Just a little organisation, and all can be accomplished.


----------



## Daniel Wasson (Jun 2, 2010)

Interesting thread from the archive on just this same question.

http://www.beesource.com/forums/archive/index.php/t-199055.html

Still windy here, but the rain has stopped, and it has warmed up enough that the bees are at least flying a little. If Rick were to make up a queen bank this eveining, put the queens in tomorrow when they arrive, he could make the splits when the weather is a lot better suited.

Rick, I assume you are the same guy I know that works at the wood tools outfit. I would be more than happy to lend a hand with this if needed.


----------



## rrussell6870 (May 14, 2009)

hpm08161947 said:


> Russell... I think LT is suggesting you described "How to" nut wants to know "How long". I am thinking the max time in a good QB to be about 1 month... but are you suggesting that they can be maintained for an even longer period?


Again, I do not bank my queens, as I want my buyers to get fresh queens with the the shortest period of unnatural withholding as possible... that said, Reg has developed a system of banking around 3,000 of them over the entire winter so that he has them available first thing in spring... his method is not much different than our winter cell raising method... he maintains queenless colonies inside a building giving the hive itself a consistent temp of 69 degrees, allows flight through a 12" tube that is 3/8", and literally keeps the colonies stocked with bulk bees all winter long while feeding pollen, substitute, and syrup the whole time. The idea is to keep the bees from clustering at all during the winter and provide fresh feed consistently coming in.
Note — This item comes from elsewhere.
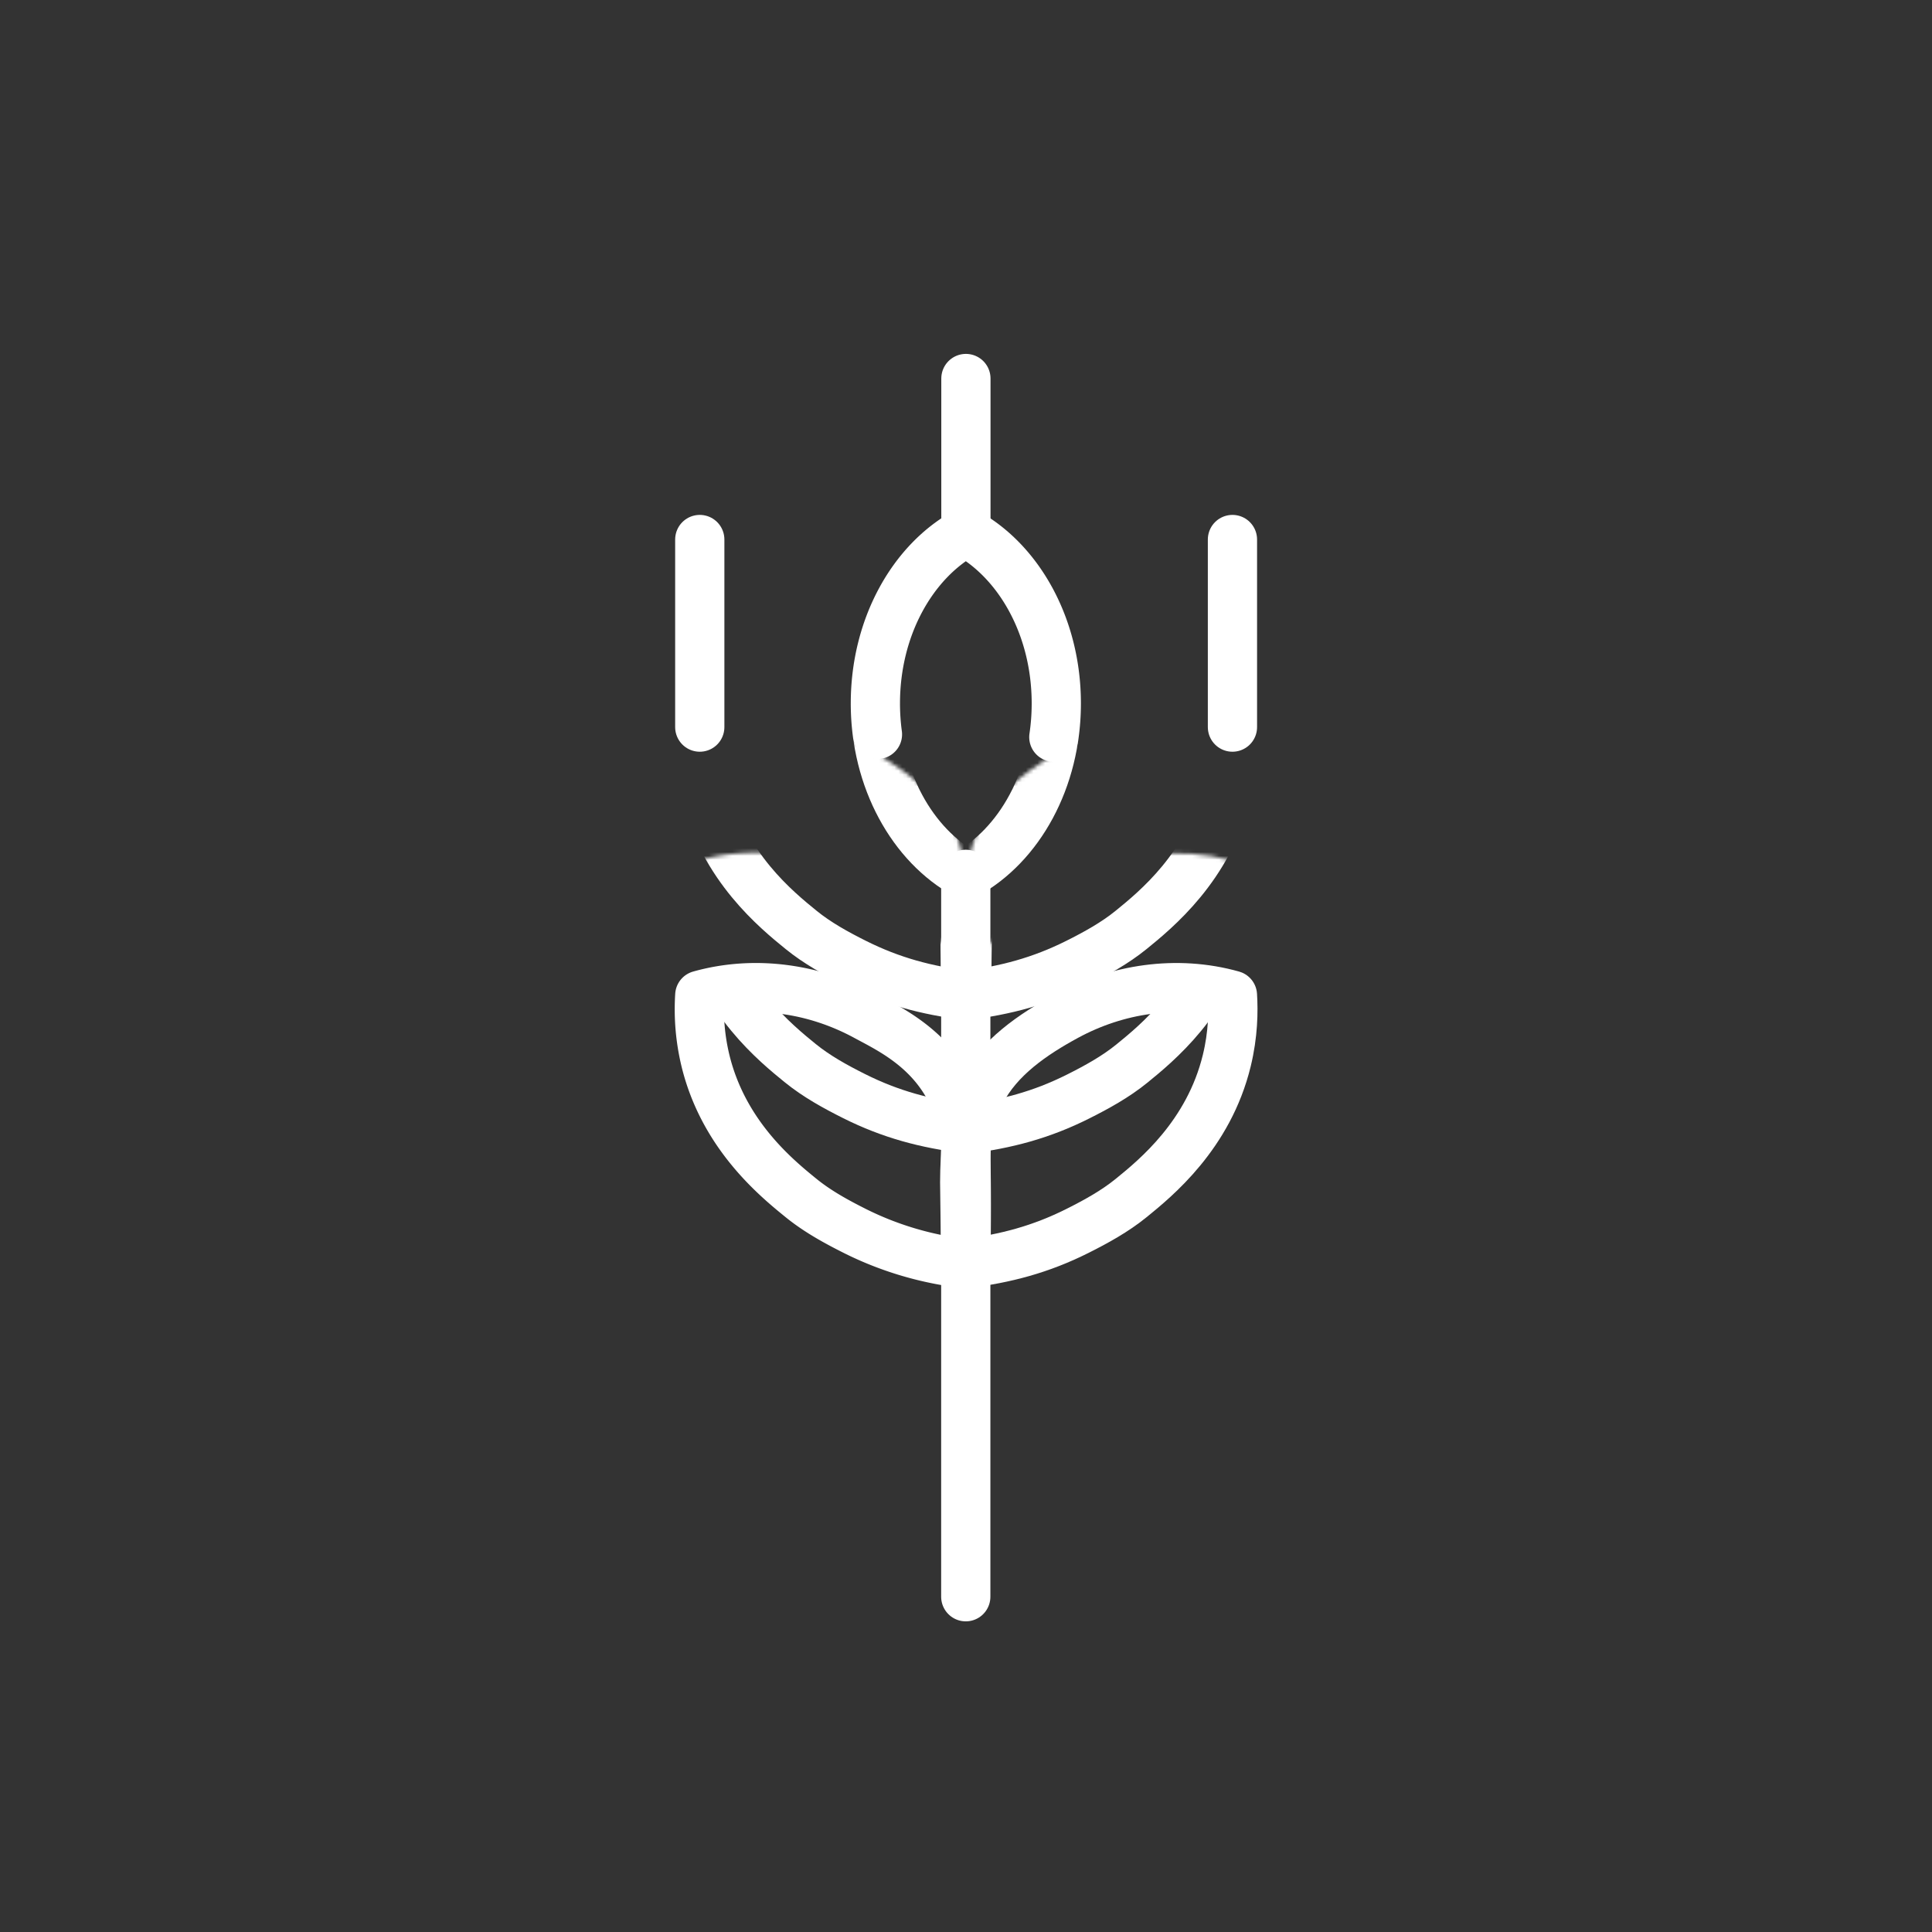 <svg xmlns="http://www.w3.org/2000/svg" width="500" height="500" style="width:100%;height:100%;transform:translate3d(0,0,0);content-visibility:visible" viewBox="0 0 500 500"><rect x="0" y="0" width="500" height="500" fill="#333333" stroke="none"/><defs><clipPath id="p"><path d="M0 0h500v500H0z"/></clipPath><clipPath id="k"><path d="M0 0h500v500H0z"/></clipPath><clipPath id="l"><path d="M0 0h500v500H0z"/></clipPath><clipPath id="m"><path d="M0 0h500v500H0z"/></clipPath><clipPath id="n"><path d="M0 0h500v500H0z"/></clipPath><clipPath id="o"><path d="M0 0h500v500H0z"/></clipPath><filter id="a" width="100%" height="100%" x="0%" y="0%" filterUnits="objectBoundingBox"><feComponentTransfer in="SourceGraphic"><feFuncA tableValues="1.0 0.0" type="table"/></feComponentTransfer></filter><filter id="c" width="100%" height="100%" x="0%" y="0%" filterUnits="objectBoundingBox"><feComponentTransfer in="SourceGraphic"><feFuncA tableValues="1.0 0.0" type="table"/></feComponentTransfer></filter><filter id="e" width="100%" height="100%" x="0%" y="0%" filterUnits="objectBoundingBox"><feComponentTransfer in="SourceGraphic"><feFuncA tableValues="1.0 0.0" type="table"/></feComponentTransfer></filter><filter id="g" width="100%" height="100%" x="0%" y="0%" filterUnits="objectBoundingBox"><feComponentTransfer in="SourceGraphic"><feFuncA tableValues="1.0 0.0" type="table"/></feComponentTransfer></filter><filter id="i" width="100%" height="100%" x="0%" y="0%" filterUnits="objectBoundingBox"><feComponentTransfer in="SourceGraphic"><feFuncA tableValues="1.0 0.0" type="table"/></feComponentTransfer></filter><mask id="u" mask-type="alpha"><g filter="url(#a)"><path fill="#fff" d="M0 0h500v500H0z" opacity="0"/><use xmlns:ns1="http://www.w3.org/1999/xlink" ns1:href="#b"/></g></mask><mask id="t" mask-type="alpha"><g filter="url(#c)"><path fill="#fff" d="M0 0h500v500H0z" opacity="0"/><use xmlns:ns2="http://www.w3.org/1999/xlink" ns2:href="#d"/></g></mask><mask id="s" mask-type="alpha"><g filter="url(#e)"><path fill="#fff" d="M0 0h500v500H0z" opacity="0"/><use xmlns:ns3="http://www.w3.org/1999/xlink" ns3:href="#f"/></g></mask><mask id="r" mask-type="alpha"><g filter="url(#g)"><path fill="#fff" d="M0 0h500v500H0z" opacity="0"/><use xmlns:ns4="http://www.w3.org/1999/xlink" ns4:href="#h"/></g></mask><mask id="q" mask-type="alpha"><g filter="url(#i)"><path fill="#fff" d="M0 0h500v500H0z" opacity="0"/><use xmlns:ns5="http://www.w3.org/1999/xlink" ns5:href="#j"/></g></mask><g id="b" fill="#FFF" clip-path="url(#k)" style="display:block" transform="matrix(1.3 0 0 1.3 -74.992 -69.403)"><path d="M32.857 41.897c-3.238 2.631-6.993 4.695-10.709 6.556-7.278 3.646-14.246 5.493-22.283 6.488.134-.017-.141-14.891-.131-16.172.05-6.088.412-12.432 3.236-17.955C6.489 13.932 13.364 9.266 19.985 5.678 30.068.214 41.943-1.596 53.037 1.522c.197 3.184.149 7.759-1.129 13.011-3.604 14.812-14.156 23.386-19.051 27.364z" style="display:block" transform="translate(250 250)"/><path d="M-32.824 41.897c3.238 2.631 6.993 4.695 10.709 6.556a64.32 64.32 0 0 0 6.996 2.999c3.564 1.291 8.659 2.779 15.055 3.512A535.368 535.368 0 0 0-.09 31.026c-.228-2.497-.871-6.22-2.848-10.212-4.417-8.922-12.445-12.66-17.014-15.136C-30.035.214-41.911-1.596-53.005 1.522a43.61 43.61 0 0 0 1.13 13.011c3.604 14.812 14.156 23.386 19.051 27.364z" style="display:block" transform="translate(250 250)"/></g><g id="d" fill="#FFF" clip-path="url(#l)" style="display:block" transform="matrix(1.3 0 0 1.3 -74.992 -69.403)"><path d="M32.857 41.897c-3.238 2.631-6.993 4.695-10.709 6.556-7.278 3.646-14.246 5.493-22.283 6.488.134-.017-.141-14.891-.131-16.172.05-6.088.412-12.432 3.236-17.955C6.489 13.932 13.364 9.266 19.985 5.678 30.068.214 41.943-1.596 53.037 1.522c.197 3.184.149 7.759-1.129 13.011-3.604 14.812-14.156 23.386-19.051 27.364z" style="display:block" transform="translate(250 250)"/><path d="M-32.824 41.897c3.238 2.631 6.993 4.695 10.709 6.556a64.32 64.32 0 0 0 6.996 2.999c3.564 1.291 8.659 2.779 15.055 3.512A535.368 535.368 0 0 0-.09 31.026c-.228-2.497-.871-6.22-2.848-10.212-4.417-8.922-12.445-12.66-17.014-15.136C-30.035.214-41.911-1.596-53.005 1.522a43.61 43.61 0 0 0 1.13 13.011c3.604 14.812 14.156 23.386 19.051 27.364z" style="display:block" transform="translate(250 250)"/></g><g id="f" fill="#FFF" clip-path="url(#m)" style="display:block" transform="matrix(1.3 0 0 1.3 -74.992 -69.403)"><path d="M32.988 15.141c-3.238 2.631-6.993 4.694-10.709 6.555-7.278 3.646-14.246 5.494-22.283 6.489.134-.017-.141-14.891-.131-16.172.05-6.088.413-12.432 3.237-17.955 3.519-6.882 10.393-11.548 17.014-15.136 10.083-5.464 21.959-7.275 33.053-4.157.197 3.184.148 7.76-1.13 13.012-3.604 14.812-14.156 23.386-19.051 27.364z" style="display:block" transform="translate(250 250)"/><path d="M-32.988 15.043c3.238 2.631 6.993 4.694 10.709 6.555 7.278 3.646 14.246 5.493 22.283 6.488-.134-.017.141-14.89.131-16.171C.085 5.827-.278-.518-3.102-6.041c-3.519-6.882-10.393-11.548-17.014-15.136-10.083-5.464-21.959-7.274-33.053-4.156a43.615 43.615 0 0 0 1.13 13.012c3.604 14.812 14.156 23.386 19.051 27.364z" style="display:block" transform="translate(250 250)"/></g><g id="h" fill="#FFF" clip-path="url(#n)" style="display:block" transform="matrix(1.3 0 0 1.3 -74.992 -69.403)"><path d="M32.988 15.141c-3.238 2.631-6.993 4.694-10.709 6.555-7.278 3.646-14.246 5.494-22.283 6.489.134-.017-.141-14.891-.131-16.172.05-6.088.413-12.432 3.237-17.955 3.519-6.882 10.393-11.548 17.014-15.136 10.083-5.464 21.959-7.275 33.053-4.157.197 3.184.148 7.76-1.13 13.012-3.604 14.812-14.156 23.386-19.051 27.364z" style="display:block" transform="translate(250 250)"/><path d="M-32.988 15.043c3.238 2.631 6.993 4.694 10.709 6.555 7.278 3.646 14.246 5.493 22.283 6.488-.134-.017.141-14.89.131-16.171C.085 5.827-.278-.518-3.102-6.041c-3.519-6.882-10.393-11.548-17.014-15.136-10.083-5.464-21.959-7.274-33.053-4.156a43.615 43.615 0 0 0 1.13 13.012c3.604 14.812 14.156 23.386 19.051 27.364z" style="display:block" transform="translate(250 250)"/></g><g id="j" fill="#FFF" clip-path="url(#o)" style="display:block" transform="matrix(1.3 0 0 1.3 -74.992 -69.403)"><path d="M32.857-11.484c-3.238 2.631-6.993 4.694-10.709 6.555C14.87-1.283 7.902.565-.135 1.56c.134-.017-.141-14.891-.131-16.172.05-6.088.412-12.432 3.236-17.955 3.519-6.882 10.394-11.549 17.015-15.137 10.083-5.464 21.958-7.274 33.052-4.156.197 3.184.149 7.76-1.129 13.012-3.604 14.812-14.156 23.386-19.051 27.364z" style="display:block" transform="translate(250 250)"/><path d="M-32.824-11.484c3.238 2.631 6.993 4.694 10.709 6.555C-14.837-1.283-7.869.565.168 1.56c-.134-.017.141-14.891.131-16.172-.05-6.088-.413-12.432-3.237-17.955-3.519-6.882-10.393-11.549-17.014-15.137-10.083-5.464-21.959-7.274-33.053-4.156a43.615 43.615 0 0 0 1.13 13.012c3.604 14.812 14.156 23.386 19.051 27.364z" style="display:block" transform="translate(250 250)"/></g></defs><g clip-path="url(#p)"><path fill="none" stroke="#FFF" stroke-linecap="round" stroke-linejoin="round" stroke-width="9.8" d="M-53.006-51.862v-37.347m52.982-1.43v-30.622m53.062 69.399v-37.347M-.052-22.552v143.813" style="display:block" transform="matrix(1.3 0 0 1.3 250.008 255.596)"/><g mask="url(#q)" style="display:block"><path fill="none" stroke="#FFF" stroke-linecap="round" stroke-linejoin="round" stroke-width="12.74" d="M273.369 182.038c0 19.769-9.622 36.77-23.412 44.292-13.79-7.522-23.41-24.523-23.41-44.292 0-19.77 9.62-36.772 23.41-44.294 13.79 7.522 23.412 24.525 23.412 44.294z"/></g><path fill="none" stroke="#FFF" stroke-linecap="round" stroke-linejoin="round" stroke-width="9.8" d="M-17.634-50.416a45.897 45.897 0 0 1-.413-6.167c0-15.207 7.4-28.286 18.008-34.072C10.569-84.869 17.97-71.79 17.97-56.583c0 0 0 0 0 0 0 2.292-.168 4.535-.49 6.712" style="display:block" transform="matrix(1.3 0 0 1.3 250.008 255.596)"/><path fill="none" style="display:none"/><g mask="url(#r)" style="display:block"><path fill="none" stroke="#FFF" stroke-linecap="round" stroke-linejoin="round" stroke-width="12.74" d="M292.722 240.666c-4.21 3.42-9.091 6.103-13.922 8.522-9.461 4.74-18.52 7.142-28.968 8.436.174-.022-.183-19.359-.17-21.024.065-7.914.536-16.162 4.207-23.341 4.574-8.947 13.512-15.014 22.12-19.679 13.107-7.103 28.545-9.456 42.967-5.402.256 4.139.194 10.088-1.468 16.915-4.685 19.256-18.403 30.402-24.766 35.573z"/></g><g mask="url(#s)" style="display:block"><path fill="none" stroke="#FFF" stroke-linecap="round" stroke-linejoin="round" stroke-width="12.74" d="M207.337 240.666c4.209 3.42 9.09 6.103 13.921 8.522 9.462 4.74 18.52 7.142 28.968 8.436-.174-.022.183-19.359.17-21.024-.065-7.914-.536-16.162-4.208-23.341-4.574-8.947-13.51-15.014-22.118-19.679-13.108-7.103-28.546-9.456-42.969-5.402-.256 4.139-.192 10.088 1.47 16.915 4.684 19.256 18.402 30.402 24.766 35.573z"/></g><g mask="url(#t)" style="display:block"><path fill="none" stroke="#FFF" stroke-linecap="round" stroke-linejoin="round" stroke-width="12.74" d="M292.892 275.279c-4.21 3.42-9.09 6.102-13.922 8.521-9.46 4.74-18.52 7.143-28.967 8.436.174-.022-.184-19.358-.17-21.023.064-7.915.536-16.162 4.207-23.342 4.575-8.947 13.511-15.012 22.119-19.677 13.107-7.103 28.546-9.457 42.968-5.404.257 4.14.193 10.088-1.469 16.916-4.685 19.255-18.402 30.402-24.766 35.573z"/></g><g mask="url(#u)" style="display:block"><path fill="none" stroke="#FFF" stroke-linecap="round" stroke-linejoin="round" stroke-width="12.74" d="M207.123 275.152c4.21 3.42 9.091 6.102 13.922 8.521 9.461 4.74 18.52 7.14 28.968 8.434-.174-.022.183-19.357.17-21.022-.065-7.914-.537-16.163-4.208-23.343-4.575-8.946-13.51-15.012-22.118-19.676-13.108-7.104-28.547-9.457-42.969-5.403-.256 4.139-.192 10.088 1.47 16.915 4.684 19.256 18.402 30.402 24.765 35.574z"/></g><path fill="none" stroke="#FFF" stroke-linecap="round" stroke-linejoin="round" stroke-width="9.8" d="M32.857 41.897c-3.238 2.631-6.993 4.695-10.709 6.556-7.278 3.646-14.246 5.493-22.283 6.488.134-.017-.141-14.891-.131-16.172.05-6.088.412-12.432 3.236-17.955C6.489 13.932 13.364 9.266 19.985 5.678 30.068.214 41.943-1.596 53.037 1.522c.197 3.184.149 7.759-1.129 13.011-3.604 14.812-14.156 23.386-19.051 27.364z" style="display:block" transform="matrix(1.3 0 0 1.3 250.008 255.596)"/><path fill="none" stroke="#FFF" stroke-linecap="round" stroke-linejoin="round" stroke-width="9.8" d="M-32.824 41.897c3.238 2.631 6.993 4.695 10.709 6.556a64.32 64.32 0 0 0 6.996 2.999c3.564 1.291 8.659 2.779 15.055 3.512A535.368 535.368 0 0 0-.09 31.026c-.228-2.497-.871-6.22-2.848-10.212-4.417-8.922-12.445-12.66-17.014-15.136C-30.035.214-41.911-1.596-53.005 1.522a43.61 43.61 0 0 0 1.13 13.011c3.604 14.812 14.156 23.386 19.051 27.364z" style="display:block" transform="matrix(1.3 0 0 1.3 250.008 255.596)"/><g class="com" style="display:none"><path/><path/><path/><path/><path/><path/><path/><path/><path/><path/><path/><path/></g></g></svg>

He says he loses a few on the outer ends of the banks of course, but not too many... and for the most part, doesn't get too many complaints from people getting the queens in his early packages and his pollenation customers that buy the queens at a higher rate due to the extra early availability, do not see much difference...

Keeping in mind that those queens are not really tracked throughout the year to see if they are superseded, as they are in packages and the pollenation queens are usually put into nucs immediately following the almonds then resold.

But they do serve a purpose, and it does show that queens can be banked for as long as six months... 

This is just to be taken for personal knowledge... I do NOT recommend trying it and can NOT attest to the quality of queens that have been banked that long.


----------



## S&H (Feb 25, 2010)

t: Soapy, just curious, did you ever get your queens?


----------